DIRECTIONS FOR THIS TASK >>
Produce a faithful copy of every record below, without the pictures.

Records from a dataset
┌──

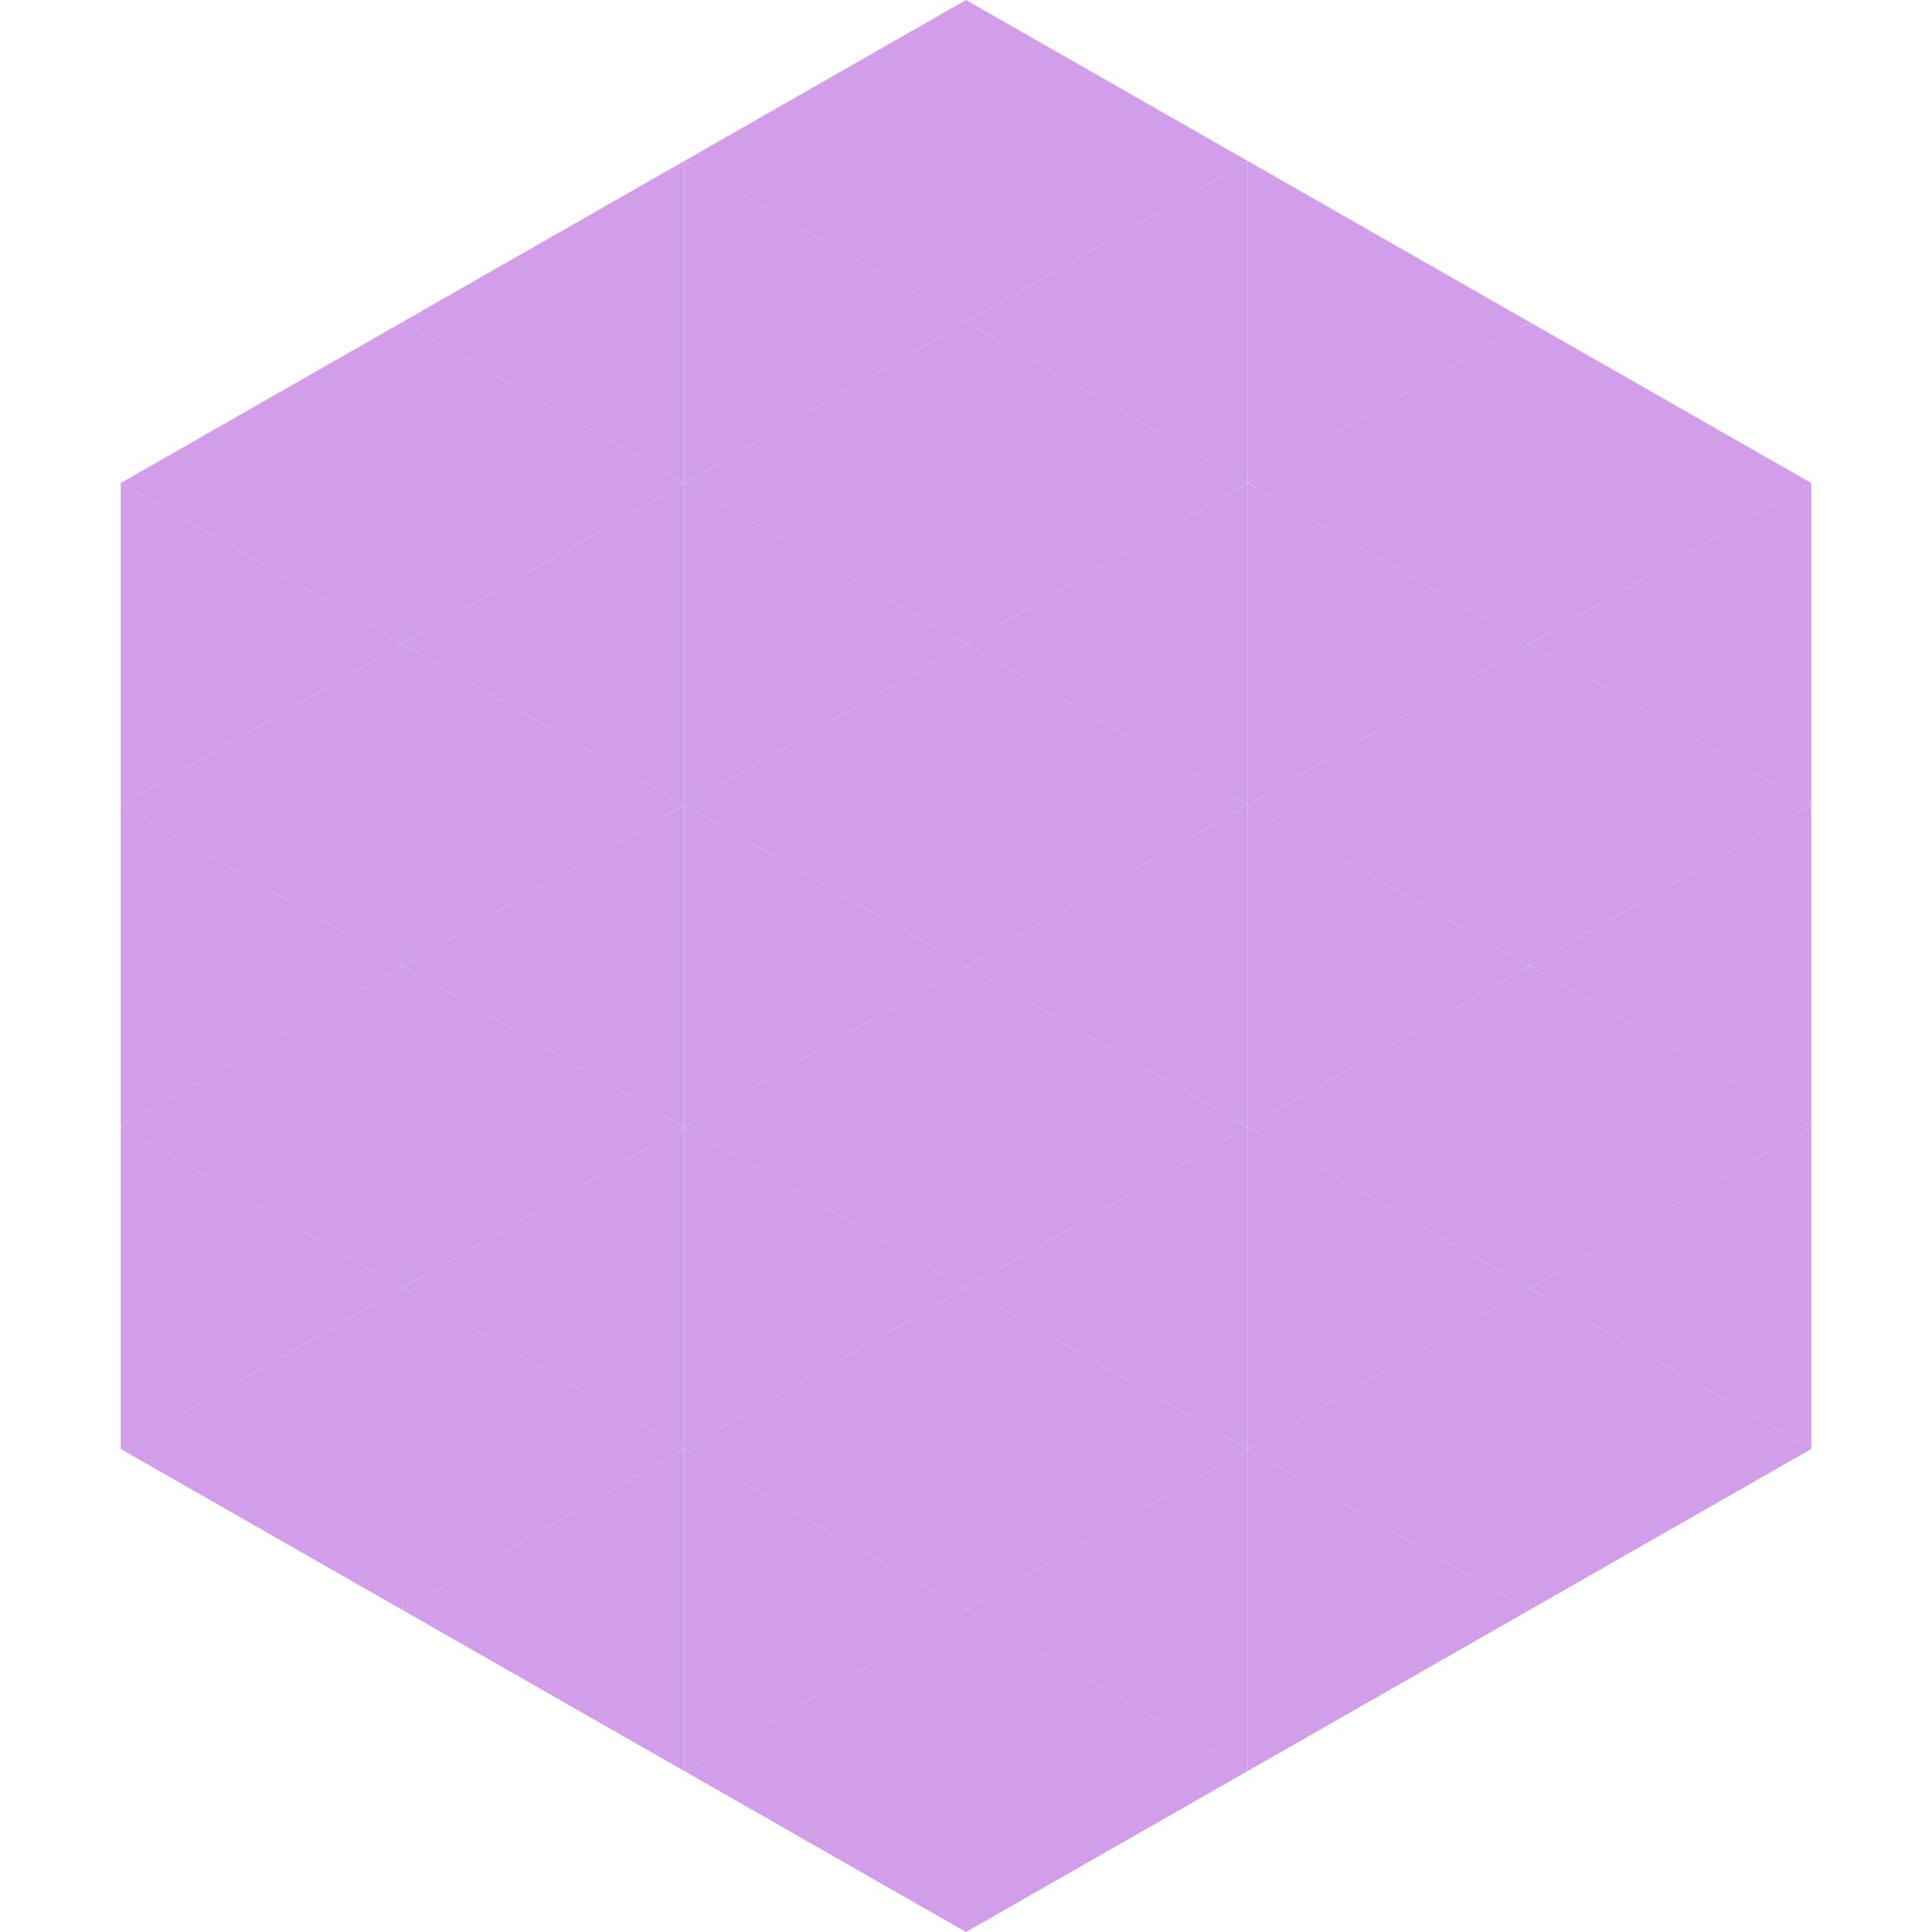 <?xml version="1.0"?>
<!-- Generated by SVGo -->
<svg width="240" height="240"
     xmlns="http://www.w3.org/2000/svg"
     xmlns:xlink="http://www.w3.org/1999/xlink">
<polygon points="50,40 15,60 50,80" style="fill:rgb(211,158,233)" />
<polygon points="190,40 225,60 190,80" style="fill:rgb(211,158,233)" />
<polygon points="15,60 50,80 15,100" style="fill:rgb(211,158,233)" />
<polygon points="225,60 190,80 225,100" style="fill:rgb(211,158,233)" />
<polygon points="50,80 15,100 50,120" style="fill:rgb(211,158,233)" />
<polygon points="190,80 225,100 190,120" style="fill:rgb(211,158,233)" />
<polygon points="15,100 50,120 15,140" style="fill:rgb(211,158,233)" />
<polygon points="225,100 190,120 225,140" style="fill:rgb(211,158,233)" />
<polygon points="50,120 15,140 50,160" style="fill:rgb(211,158,233)" />
<polygon points="190,120 225,140 190,160" style="fill:rgb(211,158,233)" />
<polygon points="15,140 50,160 15,180" style="fill:rgb(211,158,233)" />
<polygon points="225,140 190,160 225,180" style="fill:rgb(211,158,233)" />
<polygon points="50,160 15,180 50,200" style="fill:rgb(211,158,233)" />
<polygon points="190,160 225,180 190,200" style="fill:rgb(211,158,233)" />
<polygon points="15,180 50,200 15,220" style="fill:rgb(255,255,255); fill-opacity:0" />
<polygon points="225,180 190,200 225,220" style="fill:rgb(255,255,255); fill-opacity:0" />
<polygon points="50,0 85,20 50,40" style="fill:rgb(255,255,255); fill-opacity:0" />
<polygon points="190,0 155,20 190,40" style="fill:rgb(255,255,255); fill-opacity:0" />
<polygon points="85,20 50,40 85,60" style="fill:rgb(211,158,233)" />
<polygon points="155,20 190,40 155,60" style="fill:rgb(211,158,233)" />
<polygon points="50,40 85,60 50,80" style="fill:rgb(211,158,233)" />
<polygon points="190,40 155,60 190,80" style="fill:rgb(211,158,233)" />
<polygon points="85,60 50,80 85,100" style="fill:rgb(211,158,233)" />
<polygon points="155,60 190,80 155,100" style="fill:rgb(211,158,233)" />
<polygon points="50,80 85,100 50,120" style="fill:rgb(211,158,233)" />
<polygon points="190,80 155,100 190,120" style="fill:rgb(211,158,233)" />
<polygon points="85,100 50,120 85,140" style="fill:rgb(211,158,233)" />
<polygon points="155,100 190,120 155,140" style="fill:rgb(211,158,233)" />
<polygon points="50,120 85,140 50,160" style="fill:rgb(211,158,233)" />
<polygon points="190,120 155,140 190,160" style="fill:rgb(211,158,233)" />
<polygon points="85,140 50,160 85,180" style="fill:rgb(211,158,233)" />
<polygon points="155,140 190,160 155,180" style="fill:rgb(211,158,233)" />
<polygon points="50,160 85,180 50,200" style="fill:rgb(211,158,233)" />
<polygon points="190,160 155,180 190,200" style="fill:rgb(211,158,233)" />
<polygon points="85,180 50,200 85,220" style="fill:rgb(211,158,233)" />
<polygon points="155,180 190,200 155,220" style="fill:rgb(211,158,233)" />
<polygon points="120,0 85,20 120,40" style="fill:rgb(211,158,233)" />
<polygon points="120,0 155,20 120,40" style="fill:rgb(211,158,233)" />
<polygon points="85,20 120,40 85,60" style="fill:rgb(211,158,233)" />
<polygon points="155,20 120,40 155,60" style="fill:rgb(211,158,233)" />
<polygon points="120,40 85,60 120,80" style="fill:rgb(211,158,233)" />
<polygon points="120,40 155,60 120,80" style="fill:rgb(211,158,233)" />
<polygon points="85,60 120,80 85,100" style="fill:rgb(211,158,233)" />
<polygon points="155,60 120,80 155,100" style="fill:rgb(211,158,233)" />
<polygon points="120,80 85,100 120,120" style="fill:rgb(211,158,233)" />
<polygon points="120,80 155,100 120,120" style="fill:rgb(211,158,233)" />
<polygon points="85,100 120,120 85,140" style="fill:rgb(211,158,233)" />
<polygon points="155,100 120,120 155,140" style="fill:rgb(211,158,233)" />
<polygon points="120,120 85,140 120,160" style="fill:rgb(211,158,233)" />
<polygon points="120,120 155,140 120,160" style="fill:rgb(211,158,233)" />
<polygon points="85,140 120,160 85,180" style="fill:rgb(211,158,233)" />
<polygon points="155,140 120,160 155,180" style="fill:rgb(211,158,233)" />
<polygon points="120,160 85,180 120,200" style="fill:rgb(211,158,233)" />
<polygon points="120,160 155,180 120,200" style="fill:rgb(211,158,233)" />
<polygon points="85,180 120,200 85,220" style="fill:rgb(211,158,233)" />
<polygon points="155,180 120,200 155,220" style="fill:rgb(211,158,233)" />
<polygon points="120,200 85,220 120,240" style="fill:rgb(211,158,233)" />
<polygon points="120,200 155,220 120,240" style="fill:rgb(211,158,233)" />
<polygon points="85,220 120,240 85,260" style="fill:rgb(255,255,255); fill-opacity:0" />
<polygon points="155,220 120,240 155,260" style="fill:rgb(255,255,255); fill-opacity:0" />
</svg>

└──

SOLUTION BELOW >>
 <?xml version="1.0"?>
<!-- Generated by SVGo -->
<svg width="240" height="240"
     xmlns="http://www.w3.org/2000/svg"
     xmlns:xlink="http://www.w3.org/1999/xlink">
<polygon points="50,40 15,60 50,80" style="fill:rgb(211,158,233)" />
<polygon points="190,40 225,60 190,80" style="fill:rgb(211,158,233)" />
<polygon points="15,60 50,80 15,100" style="fill:rgb(211,158,233)" />
<polygon points="225,60 190,80 225,100" style="fill:rgb(211,158,233)" />
<polygon points="50,80 15,100 50,120" style="fill:rgb(211,158,233)" />
<polygon points="190,80 225,100 190,120" style="fill:rgb(211,158,233)" />
<polygon points="15,100 50,120 15,140" style="fill:rgb(211,158,233)" />
<polygon points="225,100 190,120 225,140" style="fill:rgb(211,158,233)" />
<polygon points="50,120 15,140 50,160" style="fill:rgb(211,158,233)" />
<polygon points="190,120 225,140 190,160" style="fill:rgb(211,158,233)" />
<polygon points="15,140 50,160 15,180" style="fill:rgb(211,158,233)" />
<polygon points="225,140 190,160 225,180" style="fill:rgb(211,158,233)" />
<polygon points="50,160 15,180 50,200" style="fill:rgb(211,158,233)" />
<polygon points="190,160 225,180 190,200" style="fill:rgb(211,158,233)" />
<polygon points="15,180 50,200 15,220" style="fill:rgb(255,255,255); fill-opacity:0" />
<polygon points="225,180 190,200 225,220" style="fill:rgb(255,255,255); fill-opacity:0" />
<polygon points="50,0 85,20 50,40" style="fill:rgb(255,255,255); fill-opacity:0" />
<polygon points="190,0 155,20 190,40" style="fill:rgb(255,255,255); fill-opacity:0" />
<polygon points="85,20 50,40 85,60" style="fill:rgb(211,158,233)" />
<polygon points="155,20 190,40 155,60" style="fill:rgb(211,158,233)" />
<polygon points="50,40 85,60 50,80" style="fill:rgb(211,158,233)" />
<polygon points="190,40 155,60 190,80" style="fill:rgb(211,158,233)" />
<polygon points="85,60 50,80 85,100" style="fill:rgb(211,158,233)" />
<polygon points="155,60 190,80 155,100" style="fill:rgb(211,158,233)" />
<polygon points="50,80 85,100 50,120" style="fill:rgb(211,158,233)" />
<polygon points="190,80 155,100 190,120" style="fill:rgb(211,158,233)" />
<polygon points="85,100 50,120 85,140" style="fill:rgb(211,158,233)" />
<polygon points="155,100 190,120 155,140" style="fill:rgb(211,158,233)" />
<polygon points="50,120 85,140 50,160" style="fill:rgb(211,158,233)" />
<polygon points="190,120 155,140 190,160" style="fill:rgb(211,158,233)" />
<polygon points="85,140 50,160 85,180" style="fill:rgb(211,158,233)" />
<polygon points="155,140 190,160 155,180" style="fill:rgb(211,158,233)" />
<polygon points="50,160 85,180 50,200" style="fill:rgb(211,158,233)" />
<polygon points="190,160 155,180 190,200" style="fill:rgb(211,158,233)" />
<polygon points="85,180 50,200 85,220" style="fill:rgb(211,158,233)" />
<polygon points="155,180 190,200 155,220" style="fill:rgb(211,158,233)" />
<polygon points="120,0 85,20 120,40" style="fill:rgb(211,158,233)" />
<polygon points="120,0 155,20 120,40" style="fill:rgb(211,158,233)" />
<polygon points="85,20 120,40 85,60" style="fill:rgb(211,158,233)" />
<polygon points="155,20 120,40 155,60" style="fill:rgb(211,158,233)" />
<polygon points="120,40 85,60 120,80" style="fill:rgb(211,158,233)" />
<polygon points="120,40 155,60 120,80" style="fill:rgb(211,158,233)" />
<polygon points="85,60 120,80 85,100" style="fill:rgb(211,158,233)" />
<polygon points="155,60 120,80 155,100" style="fill:rgb(211,158,233)" />
<polygon points="120,80 85,100 120,120" style="fill:rgb(211,158,233)" />
<polygon points="120,80 155,100 120,120" style="fill:rgb(211,158,233)" />
<polygon points="85,100 120,120 85,140" style="fill:rgb(211,158,233)" />
<polygon points="155,100 120,120 155,140" style="fill:rgb(211,158,233)" />
<polygon points="120,120 85,140 120,160" style="fill:rgb(211,158,233)" />
<polygon points="120,120 155,140 120,160" style="fill:rgb(211,158,233)" />
<polygon points="85,140 120,160 85,180" style="fill:rgb(211,158,233)" />
<polygon points="155,140 120,160 155,180" style="fill:rgb(211,158,233)" />
<polygon points="120,160 85,180 120,200" style="fill:rgb(211,158,233)" />
<polygon points="120,160 155,180 120,200" style="fill:rgb(211,158,233)" />
<polygon points="85,180 120,200 85,220" style="fill:rgb(211,158,233)" />
<polygon points="155,180 120,200 155,220" style="fill:rgb(211,158,233)" />
<polygon points="120,200 85,220 120,240" style="fill:rgb(211,158,233)" />
<polygon points="120,200 155,220 120,240" style="fill:rgb(211,158,233)" />
<polygon points="85,220 120,240 85,260" style="fill:rgb(255,255,255); fill-opacity:0" />
<polygon points="155,220 120,240 155,260" style="fill:rgb(255,255,255); fill-opacity:0" />
</svg>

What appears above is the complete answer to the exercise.